== Prompt ==
Copy out the lines of the records below, and only those lines, from the one with "Transcription: the family Lycaenidae found" through the one with "Answer: -- ސަލްވީން", exactly as they appear.

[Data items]
+++

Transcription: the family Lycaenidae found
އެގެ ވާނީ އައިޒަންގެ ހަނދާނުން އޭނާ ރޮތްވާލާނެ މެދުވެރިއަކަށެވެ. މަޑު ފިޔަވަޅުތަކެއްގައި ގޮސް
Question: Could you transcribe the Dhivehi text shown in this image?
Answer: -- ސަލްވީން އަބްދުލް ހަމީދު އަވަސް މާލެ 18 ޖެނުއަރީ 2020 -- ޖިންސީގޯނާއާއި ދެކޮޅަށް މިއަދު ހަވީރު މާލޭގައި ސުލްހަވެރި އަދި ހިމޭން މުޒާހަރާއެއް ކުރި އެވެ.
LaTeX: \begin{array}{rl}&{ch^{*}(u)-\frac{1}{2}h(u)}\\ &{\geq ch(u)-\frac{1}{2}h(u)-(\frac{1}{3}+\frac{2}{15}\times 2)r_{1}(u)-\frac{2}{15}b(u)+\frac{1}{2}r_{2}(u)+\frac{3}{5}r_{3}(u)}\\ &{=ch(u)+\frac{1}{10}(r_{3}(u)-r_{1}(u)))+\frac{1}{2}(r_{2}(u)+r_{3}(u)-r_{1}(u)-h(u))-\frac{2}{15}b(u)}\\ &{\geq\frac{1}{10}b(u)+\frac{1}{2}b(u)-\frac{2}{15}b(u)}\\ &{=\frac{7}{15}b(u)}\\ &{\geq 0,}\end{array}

+++

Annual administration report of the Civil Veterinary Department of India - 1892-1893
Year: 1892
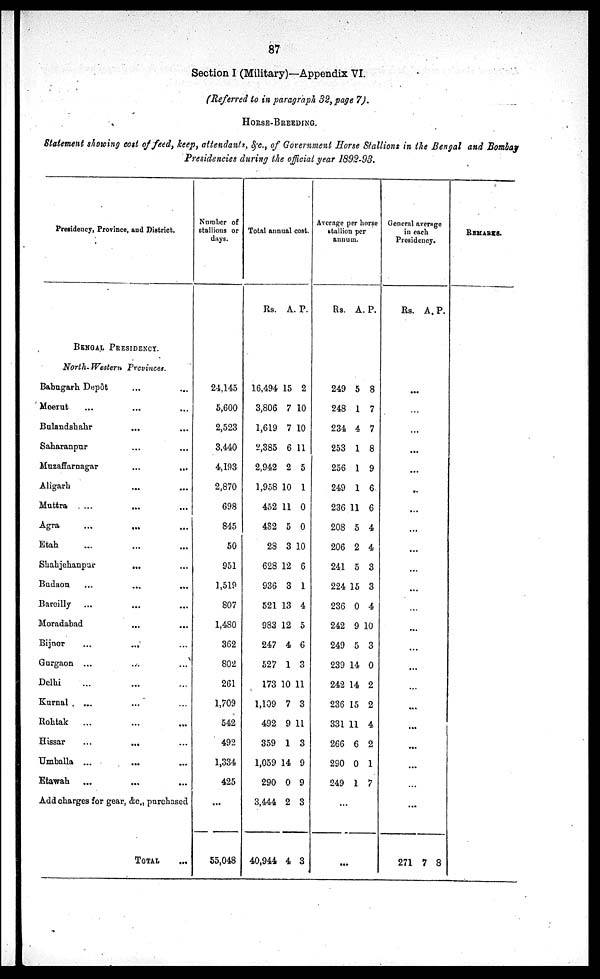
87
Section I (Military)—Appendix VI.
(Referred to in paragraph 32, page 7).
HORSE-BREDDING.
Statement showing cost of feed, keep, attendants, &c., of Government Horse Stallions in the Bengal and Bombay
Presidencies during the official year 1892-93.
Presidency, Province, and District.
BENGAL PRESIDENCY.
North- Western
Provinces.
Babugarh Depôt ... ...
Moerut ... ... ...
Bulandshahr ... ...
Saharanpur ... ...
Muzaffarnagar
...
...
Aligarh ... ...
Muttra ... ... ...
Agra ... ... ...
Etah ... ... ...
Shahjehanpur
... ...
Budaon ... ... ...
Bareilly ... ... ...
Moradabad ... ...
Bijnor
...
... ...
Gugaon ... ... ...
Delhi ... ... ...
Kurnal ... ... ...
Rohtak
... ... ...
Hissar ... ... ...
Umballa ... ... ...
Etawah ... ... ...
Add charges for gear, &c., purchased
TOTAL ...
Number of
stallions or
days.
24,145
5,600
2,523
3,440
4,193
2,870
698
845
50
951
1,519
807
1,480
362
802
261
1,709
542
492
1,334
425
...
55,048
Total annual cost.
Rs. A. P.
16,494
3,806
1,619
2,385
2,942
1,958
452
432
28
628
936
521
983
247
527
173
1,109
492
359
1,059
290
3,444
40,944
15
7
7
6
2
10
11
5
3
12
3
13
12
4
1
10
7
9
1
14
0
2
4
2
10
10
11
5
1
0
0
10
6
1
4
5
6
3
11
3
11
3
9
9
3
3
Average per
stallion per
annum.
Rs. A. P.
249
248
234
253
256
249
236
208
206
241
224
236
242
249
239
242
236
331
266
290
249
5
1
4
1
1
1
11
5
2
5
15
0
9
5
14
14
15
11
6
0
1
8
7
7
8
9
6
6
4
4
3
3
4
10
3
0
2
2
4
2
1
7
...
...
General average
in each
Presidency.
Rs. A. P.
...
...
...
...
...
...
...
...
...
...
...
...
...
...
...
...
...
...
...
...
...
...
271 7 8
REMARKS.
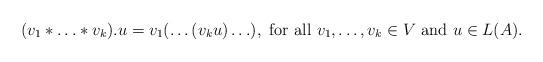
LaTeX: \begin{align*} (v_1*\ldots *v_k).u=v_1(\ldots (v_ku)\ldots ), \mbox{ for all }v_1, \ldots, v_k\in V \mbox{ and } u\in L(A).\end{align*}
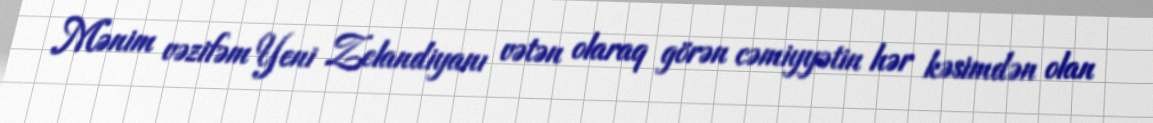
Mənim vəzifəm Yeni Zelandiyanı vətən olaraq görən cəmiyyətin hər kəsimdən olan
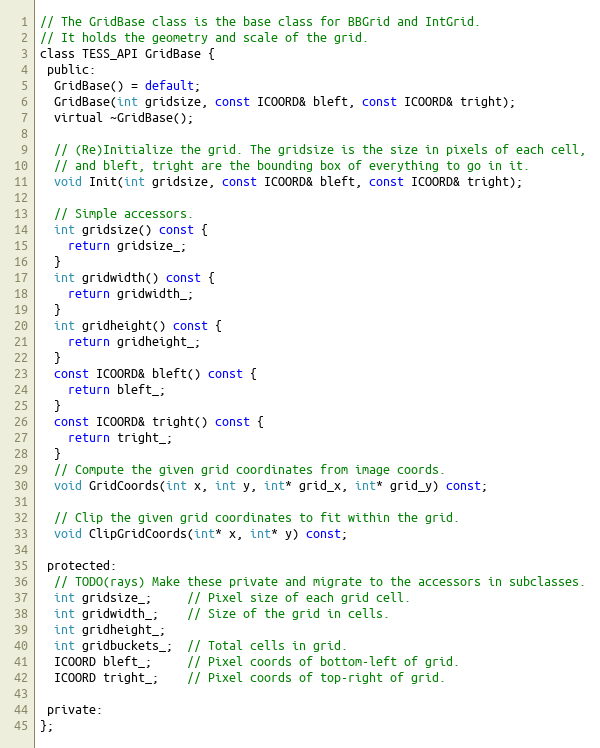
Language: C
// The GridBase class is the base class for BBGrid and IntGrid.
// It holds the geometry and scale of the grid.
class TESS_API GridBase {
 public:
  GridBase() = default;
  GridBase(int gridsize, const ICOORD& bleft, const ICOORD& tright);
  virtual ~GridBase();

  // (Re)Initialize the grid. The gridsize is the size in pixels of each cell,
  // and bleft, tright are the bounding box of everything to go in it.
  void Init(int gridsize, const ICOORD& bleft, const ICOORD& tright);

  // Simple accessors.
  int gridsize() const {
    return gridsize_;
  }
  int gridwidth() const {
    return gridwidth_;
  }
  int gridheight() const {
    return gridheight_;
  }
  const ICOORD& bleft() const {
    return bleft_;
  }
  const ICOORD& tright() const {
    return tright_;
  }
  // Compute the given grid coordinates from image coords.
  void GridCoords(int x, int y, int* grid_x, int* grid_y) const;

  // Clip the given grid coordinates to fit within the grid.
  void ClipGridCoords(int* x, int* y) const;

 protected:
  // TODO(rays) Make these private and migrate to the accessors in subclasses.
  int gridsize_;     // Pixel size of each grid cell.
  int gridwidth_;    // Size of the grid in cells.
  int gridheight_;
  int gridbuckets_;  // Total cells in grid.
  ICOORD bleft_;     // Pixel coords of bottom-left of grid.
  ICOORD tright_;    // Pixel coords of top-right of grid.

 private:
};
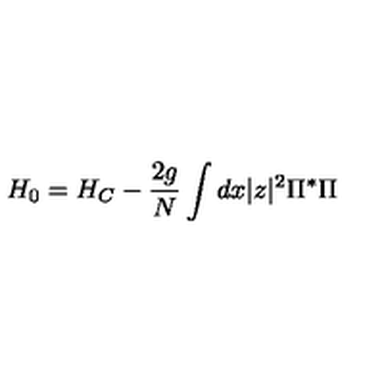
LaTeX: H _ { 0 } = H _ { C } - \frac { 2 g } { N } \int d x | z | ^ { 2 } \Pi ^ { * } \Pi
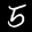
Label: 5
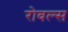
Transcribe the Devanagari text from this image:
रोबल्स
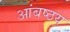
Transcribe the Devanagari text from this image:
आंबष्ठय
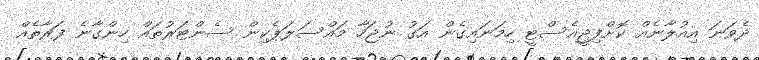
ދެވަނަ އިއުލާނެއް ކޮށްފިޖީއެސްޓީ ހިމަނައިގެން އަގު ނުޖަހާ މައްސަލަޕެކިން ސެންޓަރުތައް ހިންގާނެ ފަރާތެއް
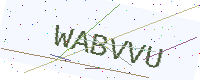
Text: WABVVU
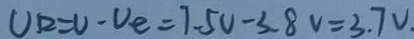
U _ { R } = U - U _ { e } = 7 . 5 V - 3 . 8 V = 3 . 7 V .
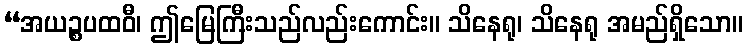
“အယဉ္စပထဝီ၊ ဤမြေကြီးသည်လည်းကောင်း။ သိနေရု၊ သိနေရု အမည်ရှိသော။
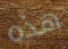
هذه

+++

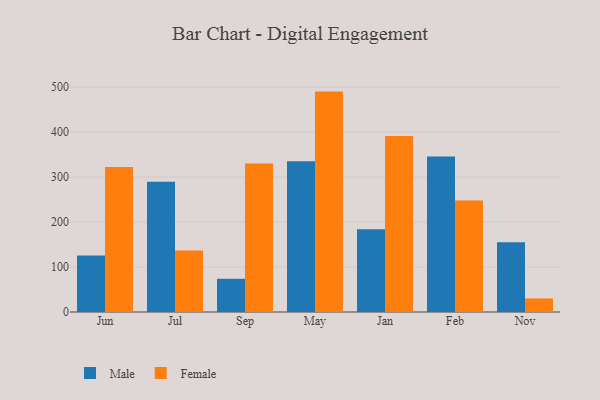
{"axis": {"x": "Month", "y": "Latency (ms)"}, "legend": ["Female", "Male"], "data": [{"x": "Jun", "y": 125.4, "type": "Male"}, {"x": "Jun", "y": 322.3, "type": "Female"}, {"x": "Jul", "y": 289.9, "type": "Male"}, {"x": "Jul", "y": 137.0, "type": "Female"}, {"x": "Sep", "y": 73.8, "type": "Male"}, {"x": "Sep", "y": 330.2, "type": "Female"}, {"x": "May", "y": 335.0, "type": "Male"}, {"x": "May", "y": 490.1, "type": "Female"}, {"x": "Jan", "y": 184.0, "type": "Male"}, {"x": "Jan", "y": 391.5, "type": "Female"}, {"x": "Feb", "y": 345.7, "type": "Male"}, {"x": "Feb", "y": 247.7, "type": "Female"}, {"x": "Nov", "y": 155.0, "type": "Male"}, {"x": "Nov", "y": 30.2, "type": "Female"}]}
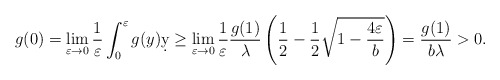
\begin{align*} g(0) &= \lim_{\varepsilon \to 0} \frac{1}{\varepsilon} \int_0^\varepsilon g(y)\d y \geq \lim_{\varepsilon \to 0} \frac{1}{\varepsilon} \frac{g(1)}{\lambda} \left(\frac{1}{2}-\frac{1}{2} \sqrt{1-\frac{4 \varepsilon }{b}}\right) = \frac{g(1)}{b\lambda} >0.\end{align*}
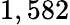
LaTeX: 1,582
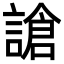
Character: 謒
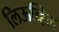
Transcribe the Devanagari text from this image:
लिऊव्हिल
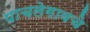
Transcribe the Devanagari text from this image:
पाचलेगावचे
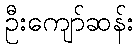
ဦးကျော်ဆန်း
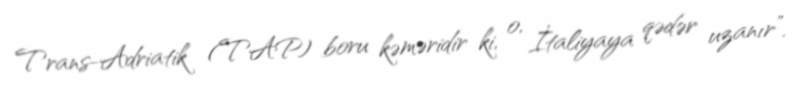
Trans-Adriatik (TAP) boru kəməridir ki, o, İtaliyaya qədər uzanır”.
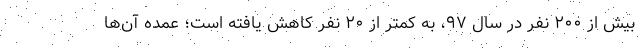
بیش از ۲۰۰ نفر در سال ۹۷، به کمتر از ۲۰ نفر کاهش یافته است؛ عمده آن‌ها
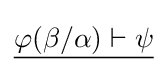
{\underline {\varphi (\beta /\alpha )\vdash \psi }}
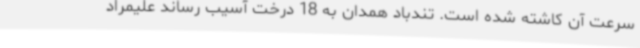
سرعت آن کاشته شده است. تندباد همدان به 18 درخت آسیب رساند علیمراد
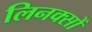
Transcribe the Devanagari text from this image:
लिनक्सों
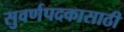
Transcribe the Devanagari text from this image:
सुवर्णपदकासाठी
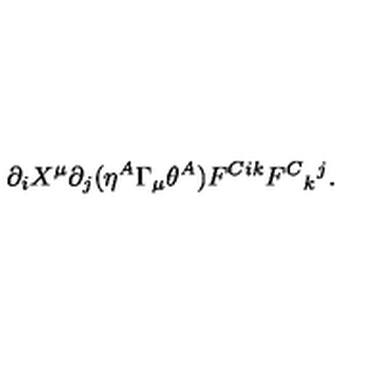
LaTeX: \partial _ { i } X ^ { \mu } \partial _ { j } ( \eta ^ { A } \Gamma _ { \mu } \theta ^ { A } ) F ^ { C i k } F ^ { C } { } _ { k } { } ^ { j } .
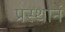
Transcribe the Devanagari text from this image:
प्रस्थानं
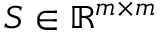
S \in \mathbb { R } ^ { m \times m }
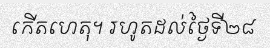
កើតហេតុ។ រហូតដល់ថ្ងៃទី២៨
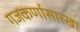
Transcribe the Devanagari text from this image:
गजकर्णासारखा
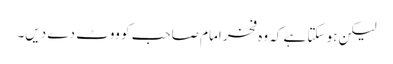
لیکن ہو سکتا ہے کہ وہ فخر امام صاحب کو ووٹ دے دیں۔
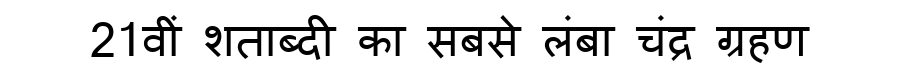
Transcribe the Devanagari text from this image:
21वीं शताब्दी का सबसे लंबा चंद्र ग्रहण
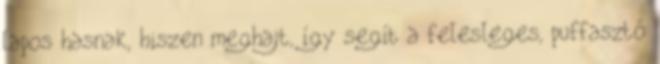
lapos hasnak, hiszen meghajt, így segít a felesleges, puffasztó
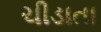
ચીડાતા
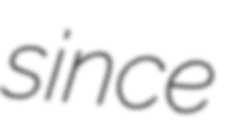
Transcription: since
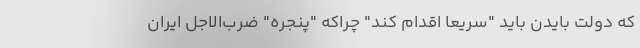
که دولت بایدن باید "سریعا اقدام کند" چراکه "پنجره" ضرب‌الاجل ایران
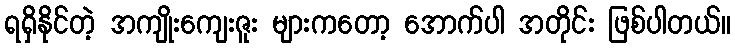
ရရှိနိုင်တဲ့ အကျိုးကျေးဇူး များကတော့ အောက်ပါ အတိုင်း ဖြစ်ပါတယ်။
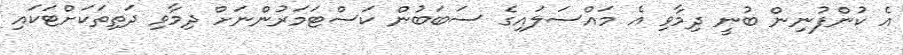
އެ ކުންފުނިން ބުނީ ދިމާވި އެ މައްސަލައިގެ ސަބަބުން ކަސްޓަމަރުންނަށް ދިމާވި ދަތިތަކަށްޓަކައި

+++

== Response ==
Transcription: the family Lycaenidae found
އެގެ ވާނީ އައިޒަންގެ ހަނދާނުން އޭނާ ރޮތްވާލާނެ މެދުވެރިއަކަށެވެ. މަޑު ފިޔަވަޅުތަކެއްގައި ގޮސް
Question: Could you transcribe the Dhivehi text shown in this image?
Answer: -- ސަލްވީން އަބްދުލް ހަމީދު އަވަސް މާލެ 18 ޖެނުއަރީ 2020 -- ޖިންސީގޯނާއާއި ދެކޮޅަށް މިއަދު ހަވީރު މާލޭގައި ސުލްހަވެރި އަދި ހިމޭން މުޒާހަރާއެއް ކުރި އެވެ.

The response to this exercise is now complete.